■ **WHAT YOU NEED TO DO**
Give back exactly the lines of the entries below from the line with "101.9 64.5 107.4" to the line with "107.4 93.9 107.4", inclusive, and only those.

■ **Records contained in a dataset**
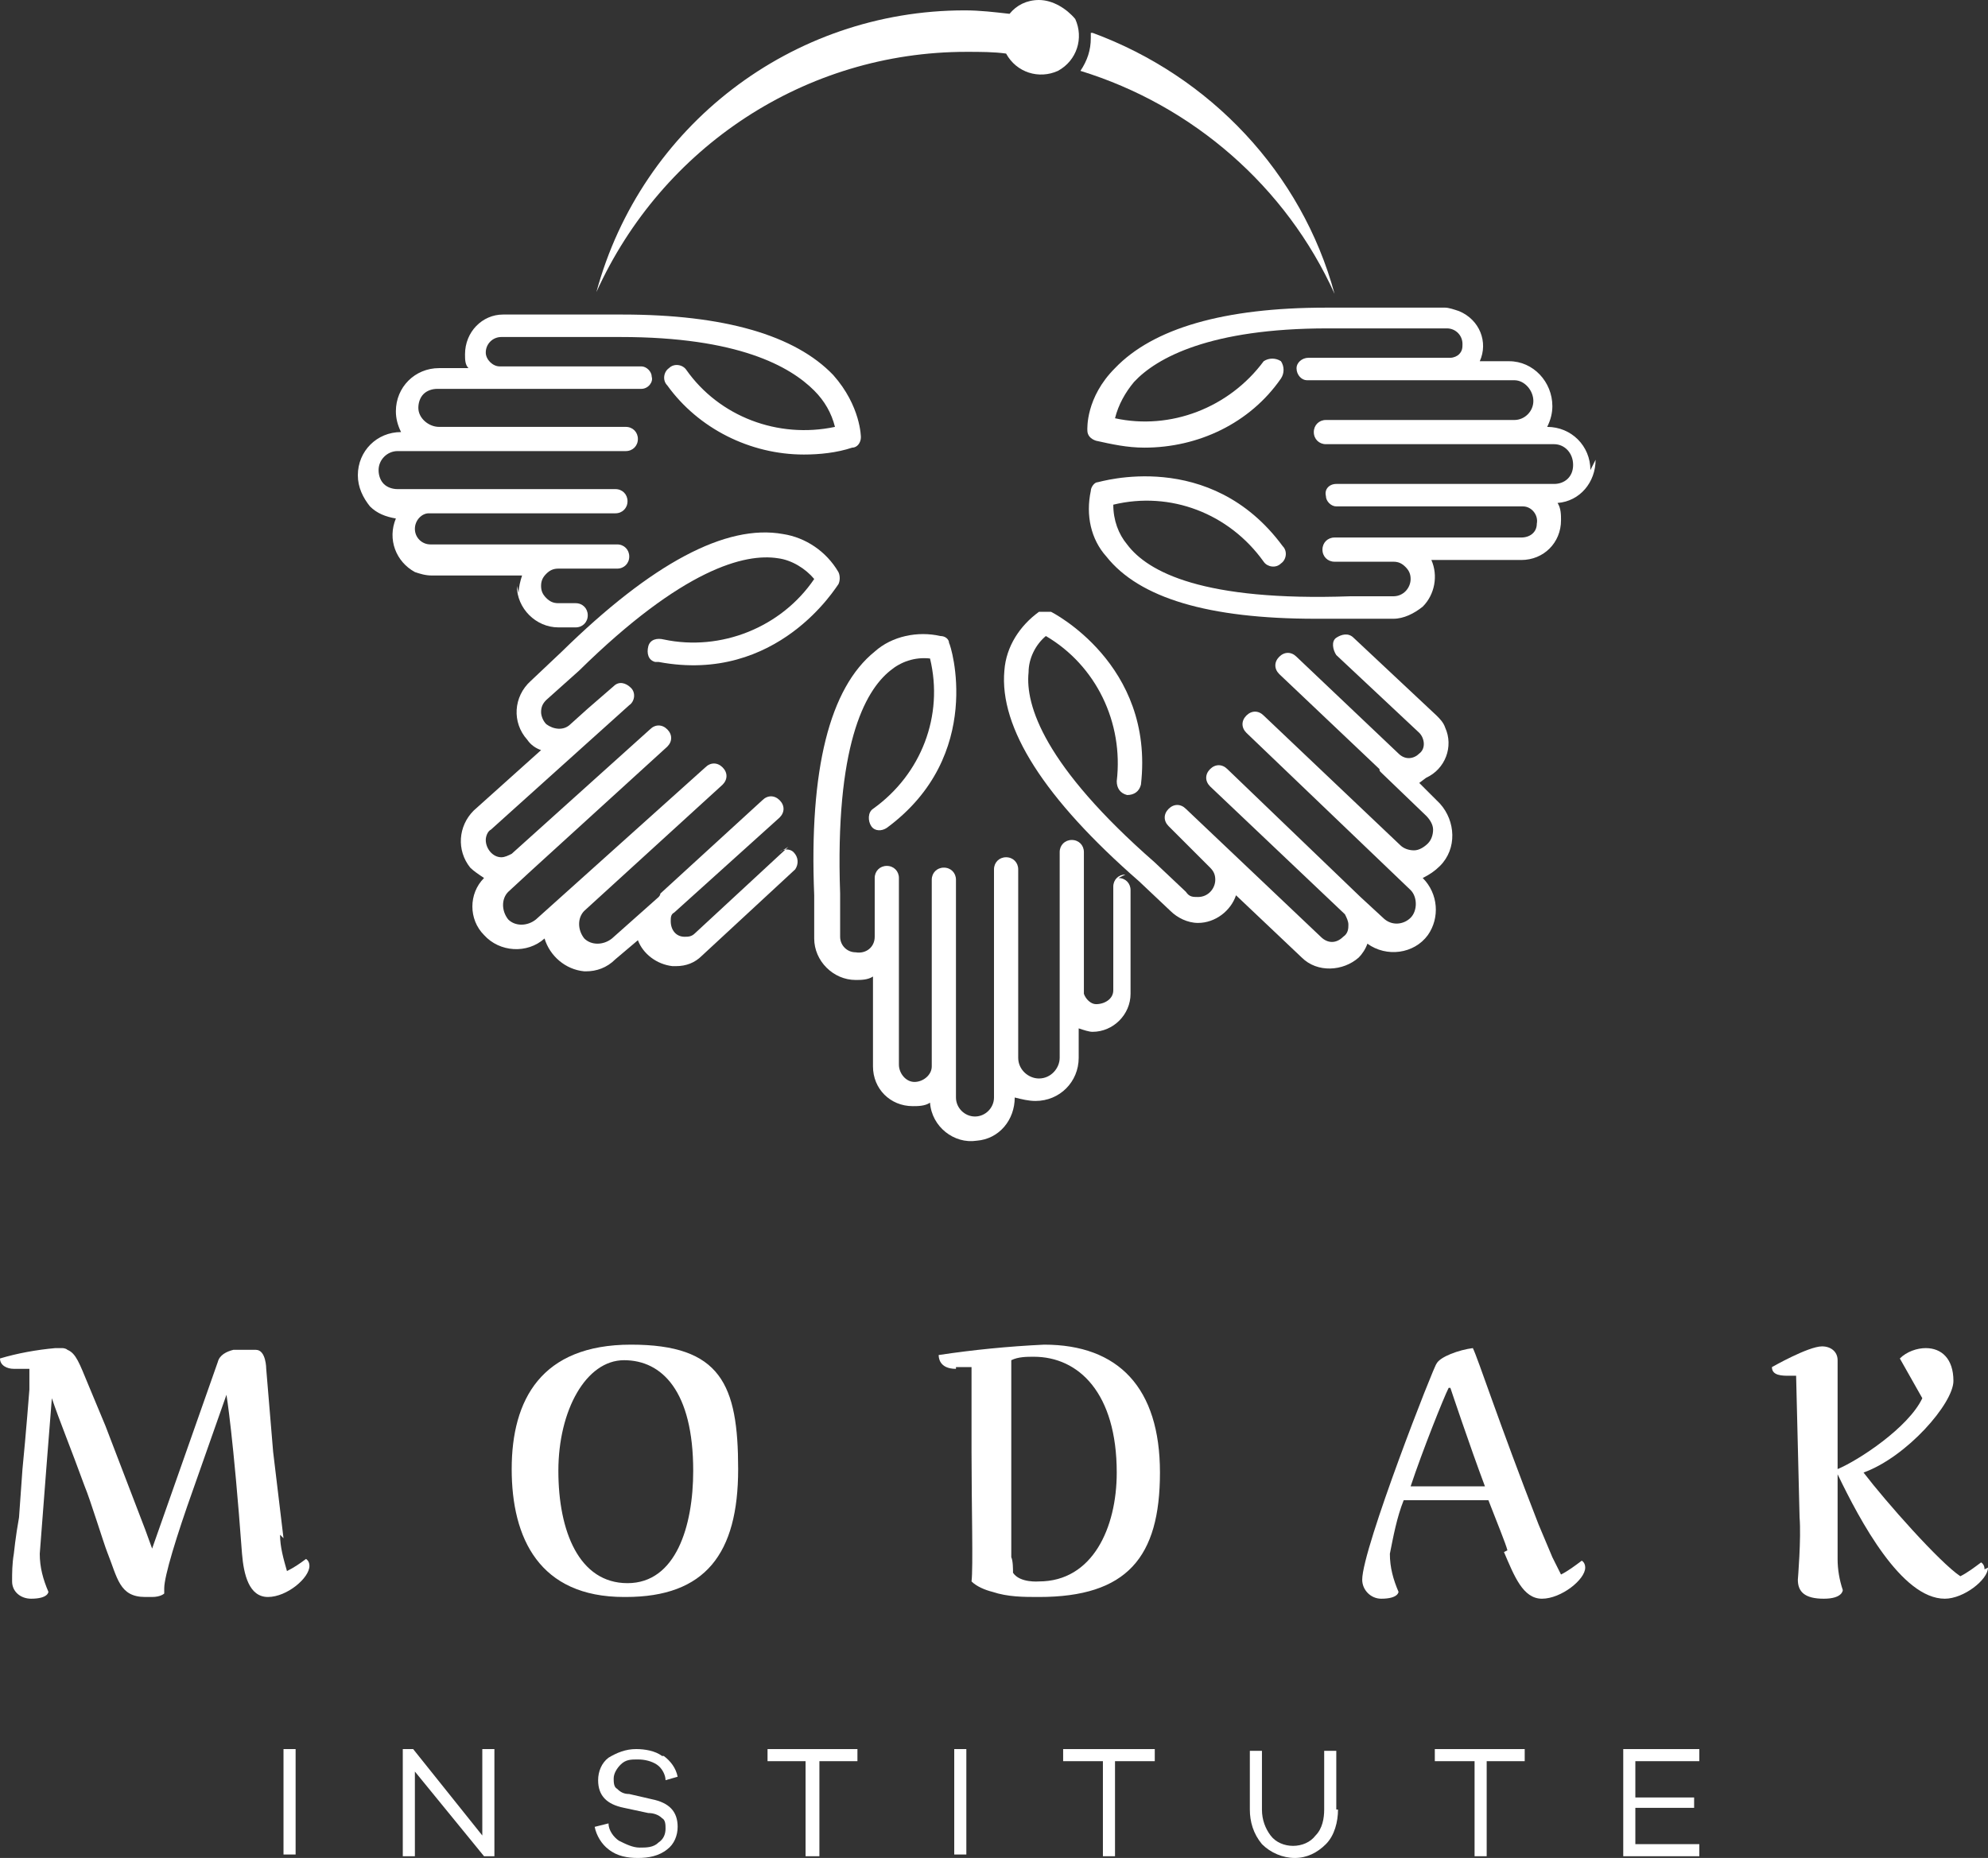 <?xml version="1.0" encoding="UTF-8"?>
<svg xmlns="http://www.w3.org/2000/svg" width="115" height="107.5" version="1.1" viewBox="0 0 115 107.5">
  <rect x="0" y="0" width="115" height="107.5" fill="#333333" stroke="none"/>
  <defs>
    <style>
      .cls-1 {
        fill: #fff;
      }
    </style>
  </defs>
  <!-- Generator: Adobe Illustrator 28.6.0, SVG Export Plug-In . SVG Version: 1.2.0 Build 709)  -->
  <g>
    <g id="Camada_1">
      <g>
        <path class="cls-1" d="M92,27.2c0-1.4-1.1-2.5-2.5-2.5h0c.2-.4.3-.8.3-1.2,0-1.4-1.1-2.6-2.5-2.6h-1.7c.5-1.1,0-2.4-1.2-2.9-.3-.1-.6-.2-.8-.2h-6.9c-5.9,0-10,1.2-12.2,3.5-1.7,1.7-1.6,3.5-1.6,3.6,0,.3.2.5.5.6.9.2,1.8.4,2.8.4,3.1,0,6.1-1.4,7.9-4,.2-.3.2-.7,0-1-.3-.2-.7-.2-1,0,0,0,0,0,0,0-2,2.7-5.4,4-8.6,3.3.2-.8.6-1.5,1.1-2.1,1.3-1.4,4.4-3.1,11.2-3.1h6.9c.5,0,.9.4.9.9,0,.2,0,.4-.2.6-.1.1-.3.2-.5.2h-8.2c-.4,0-.7.3-.7.6,0,.4.3.7.6.7,0,0,0,0,.1,0h11.9c.6,0,1.1.6,1.1,1.2,0,.6-.5,1.1-1.1,1.1h-10.9c-.4,0-.7.3-.7.7s.3.7.7.7h13.2c.6,0,1.1.5,1.1,1.2s-.5,1.1-1.1,1.1h-12.6c-.4,0-.7.3-.6.7,0,.3.3.6.6.6h10.8c.5,0,.9.5.8,1,0,.5-.4.8-.9.8h-10.8c-.4,0-.7.3-.7.7s.3.7.7.7h3.4c.3,0,.5.1.7.3.2.2.3.4.3.7,0,.5-.4,1-1,1,0,0,0,0,0,0h-2.5c-8.5.3-11.7-1.4-12.9-3-.5-.6-.8-1.4-.8-2.3,3.3-.8,6.7.5,8.7,3.3.2.3.7.4,1,.1.3-.2.4-.7.1-1-4.2-5.7-10.6-3.7-10.7-3.7-.2,0-.4.3-.4.5-.3,1.4,0,2.8.9,3.8,1.9,2.4,5.9,3.6,12.1,3.6s1.3,0,2,0h2.5c.6,0,1.2-.3,1.7-.7.7-.7.9-1.8.5-2.7h5.2c1.3,0,2.3-1,2.3-2.3h0c0-.3,0-.7-.2-1,1.3-.1,2.2-1.2,2.2-2.5"/>
        <path class="cls-1" d="M29.9,33.9c0,1.3,1.1,2.4,2.4,2.4h1c.4,0,.7-.3.7-.7s-.3-.7-.7-.7h-1c-.3,0-.5-.1-.7-.3-.2-.2-.3-.4-.3-.7,0-.3.1-.5.3-.7.2-.2.4-.3.7-.3h3.4c.4,0,.7-.3.7-.7s-.3-.7-.7-.7h-10.8c-.5,0-.9-.4-.9-.9,0-.5.4-.9.8-.9h10.8c.4,0,.7-.3.7-.7s-.3-.7-.7-.7h-10.7s0,0,0,0h-1.9c-.3,0-.6-.1-.8-.3-.2-.2-.3-.5-.3-.8,0-.6.5-1.1,1.1-1.1h13.2c.4,0,.7-.3.7-.7s-.3-.7-.7-.7h-10.8c-.6,0-1.2-.5-1.2-1.1,0-.3.1-.6.3-.8.2-.2.5-.3.8-.3h11.8c.4,0,.7-.4.6-.7,0-.3-.3-.6-.6-.6h-8.2c-.4,0-.8-.4-.8-.8,0-.5.4-.9.9-.9h6.9c6.8,0,9.8,1.7,11.2,3.1.6.6,1,1.3,1.2,2.1-3.3.7-6.7-.6-8.6-3.3-.2-.3-.7-.4-1-.1-.3.2-.4.7-.1,1,1.8,2.5,4.8,4,7.9,4,.9,0,1.9-.1,2.8-.4.3,0,.5-.3.5-.6,0,0,0-1.8-1.6-3.6-2.2-2.3-6.3-3.5-12.2-3.5h-6.9c-1.2,0-2.2,1-2.2,2.3,0,0,0,0,0,0,0,.3,0,.6.2.8h-1.7c-1.4,0-2.5,1.1-2.5,2.5,0,.4.1.8.3,1.2h0c-1.4,0-2.5,1.1-2.5,2.5,0,.7.3,1.3.7,1.8.4.4.9.6,1.5.7-.5,1.2,0,2.5,1.1,3.1.3.1.6.2,1,.2h5.2c-.1.3-.2.7-.2,1"/>
        <path class="cls-1" d="M82.5,45c1.1-.5,1.6-1.8,1.1-2.9-.1-.3-.3-.5-.5-.7l-4.8-4.5c-.3-.3-.7-.2-1,0s-.2.7,0,1l4.8,4.5c.3.3.4.9,0,1.2-.3.3-.8.4-1.2,0l-5.9-5.6c-.3-.3-.7-.3-1,0s-.3.7,0,1l5.8,5.5h0c0,.1,0,.1.1.2l2.6,2.5c.2.2.4.5.4.8,0,.3-.1.6-.3.8-.2.2-.5.4-.8.4-.3,0-.6-.1-.8-.3h0l-7.9-7.5c-.3-.3-.7-.3-1,0-.3.3-.3.7,0,1h0l9.5,9.1c.2.2.3.5.3.8,0,.3-.1.6-.3.8-.4.4-1.1.5-1.6,0,0,0,0,0,0,0l-1.3-1.2h0c0,0,0,0,0,0l-7.7-7.4c-.3-.3-.7-.3-1,0-.3.3-.3.7,0,1,0,0,0,0,0,0l7.8,7.4c.1.2.2.4.2.6,0,.2,0,.5-.3.7-.4.4-.9.4-1.3,0l-7.8-7.4c-.3-.3-.7-.3-1,0-.3.3-.3.7,0,1,0,0,0,0,0,0l1.4,1.4h0l1,1c.2.2.3.4.3.7,0,.5-.4,1-1,1-.3,0-.5,0-.7-.3l-1.8-1.7c-6.4-5.6-7.5-9.1-7.3-11,0-.8.4-1.6,1-2.1,2.9,1.7,4.5,5,4.1,8.4,0,.4.2.7.6.8,0,0,0,0,0,0,.4,0,.7-.2.8-.6,0,0,0,0,0,0,.8-7-5.2-10-5.2-10-.2,0-.5,0-.7,0-1.1.8-1.9,2-2,3.4-.3,3.3,2.3,7.4,7.8,12.2l1.8,1.7c.4.4,1,.7,1.6.7h0c1,0,1.9-.7,2.2-1.6l3.8,3.6c.9.9,2.4.8,3.3,0,.2-.2.4-.5.5-.8,1.1.8,2.7.6,3.5-.5.7-1,.6-2.4-.3-3.3h0c.4-.2.7-.4,1-.7,1-1,.9-2.6,0-3.6,0,0,0,0,0,0l-1.2-1.2Z"/>
        <path class="cls-1" d="M45.6,49l-5.4,5c-.2.2-.4.2-.6.2-.5,0-.8-.4-.8-.9,0-.2,0-.4.2-.5l6.1-5.5c.3-.3.3-.7,0-1s-.7-.3-1,0l-5.9,5.4h0c0,0,0,.1-.1.2l-2.7,2.4c-.5.4-1.2.4-1.6,0,0,0,0,0,0,0-.4-.5-.4-1.2,0-1.6h0l8-7.3c.3-.3.3-.7,0-1-.3-.3-.7-.3-1,0l-9.8,8.8c-.5.4-1.2.4-1.6,0,0,0,0,0,0,0-.4-.5-.4-1.2,0-1.6,0,0,0,0,0,0l1.3-1.2h0c0,0,7.9-7.2,7.9-7.2.3-.3.3-.7,0-1s-.7-.3-1,0l-8,7.2c-.2.1-.4.2-.6.2-.5,0-.9-.5-.9-1,0-.2.1-.5.3-.6l8-7.2c.3-.2.4-.7.1-1s-.7-.4-1-.1c0,0,0,0,0,0l-1.5,1.3h0l-1,.9c-.4.4-1,.3-1.4,0-.2-.2-.3-.5-.3-.7,0-.3.1-.5.3-.7l1.9-1.7c6-5.9,9.6-6.8,11.5-6.5.8.1,1.6.6,2.1,1.2-1.9,2.8-5.4,4.2-8.7,3.5-.4-.1-.8,0-.9.4s0,.8.4.9c0,0,.1,0,.2,0,6.9,1.3,10.3-4.4,10.4-4.5.1-.2.1-.5,0-.7-.7-1.2-1.9-2-3.2-2.2-3.3-.6-7.6,1.7-12.8,6.8l-1.8,1.7c-1,.9-1.1,2.4-.2,3.4.2.3.5.5.8.6l-3.9,3.5c-.9.9-1,2.3-.2,3.3.2.2.5.4.8.6-.9.9-.9,2.4,0,3.3.9,1,2.5,1.1,3.5.2,0,0,0,0,0,0h0c.3,1,1.2,1.8,2.3,1.9h.1c.6,0,1.2-.2,1.7-.7l1.3-1.1c.3.8,1.1,1.4,2,1.5h.2c.6,0,1.1-.2,1.5-.6l5.4-5c.2-.3.2-.7-.1-1-.2-.2-.6-.2-.8,0"/>
        <path class="cls-1" d="M65.1,50.6c-.4,0-.7.3-.7.7v6c0,.5-.5.8-1,.8-.3,0-.6-.3-.7-.6v-8.2c0-.4-.3-.7-.7-.7-.4,0-.7.3-.7.7h0v8h0v3.9c0,.6-.5,1.2-1.2,1.2h0c-.6,0-1.2-.5-1.2-1.2v-10.9c0-.4-.3-.7-.7-.7-.4,0-.7.3-.7.7v13.2c0,.6-.5,1.1-1.1,1.1s-1.1-.5-1.1-1.1h0v-12.6c0-.4-.3-.7-.7-.7-.4,0-.7.3-.7.7v10.8c0,.5-.5.9-1,.9-.5,0-.9-.5-.9-1v-10.8c0-.4-.3-.7-.7-.7s-.7.3-.7.7v3.4c0,.6-.5,1-1.1.9-.5,0-.9-.4-.9-.9v-2.5c-.3-8.5,1.4-11.7,2.9-12.9.6-.5,1.4-.8,2.3-.7.8,3.3-.5,6.7-3.3,8.7-.3.2-.3.7-.1,1,.2.3.6.3.9.1,5.7-4.2,3.7-10.6,3.6-10.7,0-.2-.2-.4-.5-.4-1.3-.3-2.8,0-3.8.9-2.6,2.1-3.8,6.8-3.5,14.1v2.5c0,1.3,1.1,2.4,2.4,2.4.3,0,.7,0,1-.2v5.2c0,1.3,1,2.3,2.3,2.3.3,0,.7,0,1-.2.1,1.4,1.4,2.4,2.7,2.2,1.3-.1,2.2-1.2,2.2-2.5h0c.4.1.8.2,1.2.2h0c1.4,0,2.5-1.1,2.5-2.5v-1.7c.3.1.6.2.8.2,1.2,0,2.2-1,2.2-2.2v-6c0-.4-.3-.7-.7-.7"/>
        <rect class="cls-1" x="16.4" y="101.2" width=".7" height="6.1"/>
        <polygon class="cls-1" points="28.6 107.4 28 107.4 24 102.5 24 107.4 23.3 107.4 23.3 101.2 23.9 101.2 27.9 106.2 27.9 101.2 28.6 101.2 28.6 107.4"/>
        <path class="cls-1" d="M38.4,101.6c.4.3.7.7.8,1.2l-.7.2c0-.3-.2-.7-.5-.9-.3-.2-.7-.3-1.1-.3-.4,0-.7,0-1,.3-.2.2-.4.5-.4.8,0,.2,0,.5.2.6.2.2.4.3.7.3l1.3.3c1,.2,1.5.7,1.5,1.6,0,.5-.2,1-.6,1.3-.5.4-1.1.5-1.7.5-.6,0-1.2-.1-1.7-.5-.4-.3-.7-.8-.8-1.3l.8-.2c0,.4.3.8.6,1,.4.2.8.4,1.2.4.4,0,.8,0,1.1-.3.3-.2.4-.5.4-.8,0-.2,0-.5-.2-.6-.2-.2-.5-.3-.8-.3l-1.4-.3c-1-.2-1.5-.7-1.5-1.6,0-.5.2-1,.6-1.3.5-.3,1-.5,1.6-.5.5,0,1.1.1,1.5.4"/>
        <polygon class="cls-1" points="47.4 101.9 47.4 107.4 46.6 107.4 46.6 101.9 44.4 101.9 44.4 101.2 49.6 101.2 49.6 101.9 47.4 101.9"/>
        <rect class="cls-1" x="55.2" y="101.2" width=".7" height="6.1"/>
        <polygon class="cls-1" points="64.5 101.9 64.5 107.4 63.8 107.4 63.8 101.9 61.5 101.9 61.5 101.2 66.8 101.2 66.8 101.9 64.5 101.9"/>
        <path class="cls-1" d="M77.4,104.7c0,.7-.2,1.5-.7,2-.5.5-1.1.8-1.8.8-.7,0-1.4-.3-1.9-.8-.5-.6-.7-1.3-.7-2v-3.4h.7v3.4c0,.6.2,1.1.5,1.5.3.4.8.6,1.3.6.5,0,1-.2,1.3-.6.4-.4.5-1,.5-1.5v-3.4h.7v3.4Z"/>
        <polygon class="cls-1" points="86 101.9 86 107.4 85.3 107.4 85.3 101.9 83 101.9 83 101.2 88.2 101.2 88.2 101.9 86 101.9"/>
        <polygon class="cls-1" points="98.3 107.4 93.9 107.4 93.9 101.2 98.3 101.2 98.3 101.9 94.6 101.9 94.6 104 98 104 98 104.6 94.6 104.6 94.6 106.7 98.3 106.7 98.3 107.4"/>
        <path class="cls-1" d="M16.2,88.8c0,.7.2,1.4.4,2.1.4-.2.7-.4,1.1-.7,0,0,.2.1.2.4,0,.7-1.3,1.8-2.4,1.8s-1.4-1.3-1.5-2.5c-.5-6.8-.9-9.2-.9-9.2l-1.9,5.4c-1,2.8-1.7,5.1-1.7,5.8,0,0,0,.2,0,.3,0,0-.2.2-.7.2-.1,0-.3,0-.4,0-1.5,0-1.6-1.1-2.2-2.6-.2-.5-1-3.1-1.3-3.8-.8-2.2-1.5-3.9-1.9-5.1l-.3,3.8-.4,5.2c0,.8.2,1.5.5,2.2,0,0,0,.4-1,.4-.6,0-1.1-.4-1.1-1,0,0,0,0,0,0,0-.5,0-1,.1-1.6,0,0,.1-1,.3-2.1l.2-2.8c.2-2,.4-4.6.4-4.6v-1.2c-.4,0-.7,0-.9,0-.4,0-.8-.2-.8-.6h0c1-.3,2.1-.5,3.2-.6h.4c0,0,.2,0,.3.1.5.2.7.8,1.2,2l1,2.4,2.3,6,.4,1.1,3.8-10.8c.1-.4.5-.6.9-.7.4,0,1.3,0,1.3,0,.6,0,.6,1.1.6,1.1l.4,4.8.6,5Z"/>
        <path class="cls-1" d="M36.1,92.4c-4.9,0-6.5-3.4-6.5-7.4s1.7-7.2,6.9-7.2,6.2,2.3,6.2,7.2-1.9,7.4-6.5,7.4M40.1,85.1c0-4.6-1.8-6.4-4-6.4s-3.8,2.9-3.8,6.4,1.2,6.5,4,6.5,3.8-3.3,3.8-6.5"/>
        <path class="cls-1" d="M55.3,79.2c-1,0-1-.7-1-.8,2-.3,4-.5,6.1-.6,4.3,0,6.7,2.5,6.7,7.4s-1.9,7.2-7,7.2c-.9,0-1.8,0-2.7-.3-.4-.1-.9-.3-1.2-.6.1-.8,0-4.4,0-7.5v-4.9c-.3,0-.6,0-.9,0M58.5,78.8v11.3c.1.2.1.7.1.9.4.6,1.5.5,1.5.5,3.1,0,4.5-3.1,4.5-6.3,0-4.6-2.2-6.7-4.8-6.7-.4,0-.9,0-1.3.2"/>
        <path class="cls-1" d="M87.2,89.7c-.1-.4-.6-1.6-1.1-2.9h-4.9c-.4,1-.6,2.1-.8,3.1,0,.8.2,1.5.5,2.2,0,0,0,.4-1,.4-.6,0-1.1-.5-1.1-1.1,0,0,0,0,0,0,0-1.8,4.2-12.5,4.3-12.5.2-.4,1.3-.8,2.1-.9h0s0,0,0,0c.3.6,1.5,4.3,3.8,10.2l.8,1.9.5,1c.4-.2.8-.5,1.2-.8,0,0,.2.1.2.4,0,.7-1.4,1.8-2.5,1.8s-1.6-1.3-2.2-2.7M83.8,80.3c-.3.6-1.5,3.6-2.2,5.7h4.3c-.9-2.4-2-5.7-2-5.7"/>
        <path class="cls-1" d="M115,90.7c0,.7-1.4,1.8-2.5,1.8-2.5,0-4.9-4.5-6.2-7.2h0c0,.1,0,4.9,0,4.9,0,.6.1,1.2.3,1.8,0,0,0,.5-1.1.5s-1.5-.4-1.5-1.1c0,0,.2-2.4.1-3.6l-.2-8.2h-.4c-.4,0-1,0-1-.5,0,0,2.1-1.2,2.9-1.2.5,0,.9.3.9.8,0,0,0,.1,0,.2,0,1.5,0,3.1,0,4.9v1.2h0c1.2-.5,4.1-2.4,4.9-4.1l-1.3-2.3c.4-.4,1-.6,1.5-.6.9,0,1.6.6,1.6,1.9s-2.7,4.4-5.2,5.3c1.3,1.7,4.4,5.2,5.6,6,.4-.2.8-.5,1.2-.8,0,0,.2.1.2.4"/>
        <path class="cls-1" d="M60.1,0c-.7,0-1.3.3-1.7.8-.9-.1-1.7-.2-2.6-.2-10,0-18.7,6.7-21.3,16.3,3.8-8.4,12.1-13.9,21.4-13.9.8,0,1.6,0,2.3.1.6,1.1,1.9,1.5,3,1,1.1-.6,1.5-1.9,1-3C61.7.5,60.9,0,60.1,0"/>
        <path class="cls-1" d="M63.1,1.9c0,.1,0,.2,0,.3,0,.7-.2,1.3-.6,1.9,6.5,2,11.9,6.7,14.7,12.9-1.9-7-7.2-12.6-14-15.1"/>
      </g>
    </g>
  </g>
</svg>

■ **SOLUTION TO THIS TASK**
        <polygon class="cls-1" points="64.5 101.9 64.5 107.4 63.8 107.4 63.8 101.9 61.5 101.9 61.5 101.2 66.8 101.2 66.8 101.9 64.5 101.9"/>
        <path class="cls-1" d="M77.4,104.7c0,.7-.2,1.5-.7,2-.5.5-1.1.8-1.8.8-.7,0-1.4-.3-1.9-.8-.5-.6-.7-1.3-.7-2v-3.4h.7v3.4c0,.6.2,1.1.5,1.5.3.4.8.6,1.3.6.5,0,1-.2,1.3-.6.4-.4.5-1,.5-1.5v-3.4h.7v3.4Z"/>
        <polygon class="cls-1" points="86 101.9 86 107.4 85.3 107.4 85.3 101.9 83 101.9 83 101.2 88.2 101.2 88.2 101.9 86 101.9"/>
        <polygon class="cls-1" points="98.3 107.4 93.9 107.4 93.9 101.2 98.3 101.2 98.3 101.9 94.6 101.9 94.6 104 98 104 98 104.6 94.6 104.6 94.6 106.7 98.3 106.7 98.3 107.4"/>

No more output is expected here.